I would suggest to someone like the poster you indicate with the issues he/she has, that he/she study how historians write histories. I think he/she will be surprised and much will be answered. Also, a study of how translations loose in the details ...etc..

I would also suggest a study of who wrote the individual gospels, to who they were writing, and what their possible sources were.

I think his/her lack of knowledge of these is the real reason why he/she is not getting the answers he/she feels he should be getting.


----------



## Ronnie T (Mar 16, 2011)

1gr8bldr said:


> I'm trying to recall, but I seem to remember that the "capitalization" comes from the translators and not from the original. Someone verify this please. Also, if the whole bible was "God's word", it would be perfect, without error, but it is not without error. Those who wish it to be without error are only kidding themselves. Religious tunnel vision. It's a man made book. But it still contains truth



Do you really believe it's only a man made book??  Really?

Maybe you just don't understand the scripture?
Matthew 22:29
But Jesus answered and said to them, "You are mistaken, not understanding the Scriptures nor the power of God.

Maybe your mind hasn't been opened.
Luke 24:45
Then He opened their minds to understand the Scriptures,

It seemed to be good enough for these Christians.
Acts 17:11
Now these were more noble-minded than those in Thessalonica, for they received the word with great eagerness, examining the Scriptures daily to see whether these things were so.

Maybe you're using the scriptures incorrectly.
Romans 15:4
For whatever was written in earlier times was written for our instruction, so that through perseverance and the encouragement of the Scriptures we might have hope.

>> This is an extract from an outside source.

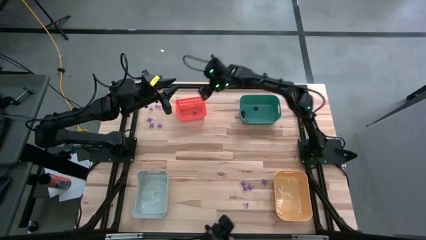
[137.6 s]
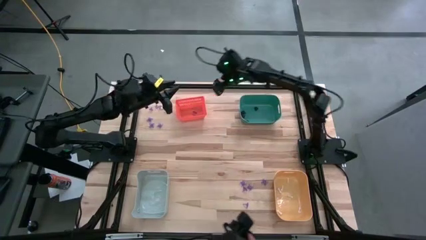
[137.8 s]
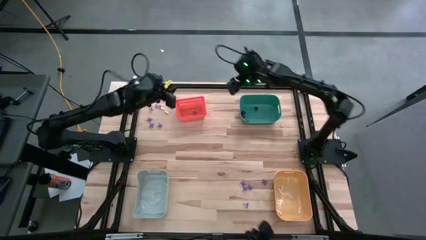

Is it possible that even though it might seem incorrect to you it might still be inspired?  Maybe?
2 Timothy 3:16
All Scripture is inspired by God and profitable for teaching, for reproof, for correction, for training in righteousness;
In this above verse, Paul was including all the writings of Moses.  They were all a part of the scrolls.
New Testament hadn't been written yet.

God never asked you or Jawl to 'straighten' it out.
2 Peter 1:20
But know this first of all, that no prophecy of Scripture is a matter of one's own interpretation,

2 Peter 3:16
........................which the untaught and unstable distort, as they do also the rest of the Scriptures, to their own destruction.


----------



## 1gr8bldr (Mar 16, 2011)

Ronnie T said:


> Do you really believe it's only a man made book??  Really?
> 
> Maybe you just don't understand the scripture?
> Matthew 22:29
> ...


Hi Ronnie, This is exactly the kind of responses that the guy I pointed out is getting. Now he is wise enough to know that what he is seeing is real. Unlike others, he can not pretend it's not there. Do I really think it's a man made book? No, I hope that is not how I conveyed it. I would say that it is God inspired, recorded by man, therefore containing some of man's mistakes. When Paul said "all scripture is God breathed", he was simply writing a letter with no possible idea that his letter would one day become part of scripture. He was refering to the OT. Here is something you might find interesting, 1 Cor 7:10, To the married I give this command, not I, *but the Lord.*  12, To the rest I say this, I, *not the Lord.*. I gave a couple clear contridictions and you say I don't understand, my mind hasn't been opened. To the non religious, such as the athiest who frequent here, responses like yours that deny what is plainly stated, like the Matthew genealogy problem, makes Christianity look like a joke. *So I ask you, which is right? Matthews account -or- 2 Chron 21-26?????  Will you answer???  Who made this mistake???  God or man???*


----------



## 1gr8bldr (Mar 16, 2011)

gordon 2 said:


> I would suggest to someone like the poster you indicate with the issues he/she has, that he/she study how historians write histories. I think he/she will be surprised and much will be answered. Also, a study of how translations loose in the details ...etc..
> 
> I would also suggest a study of who wrote the individual gospels, to who they were writing, and what their possible sources were.
> 
> I think his/her lack of knowledge of these is the real reason why he/she is not getting the answers he/she feels he should be getting.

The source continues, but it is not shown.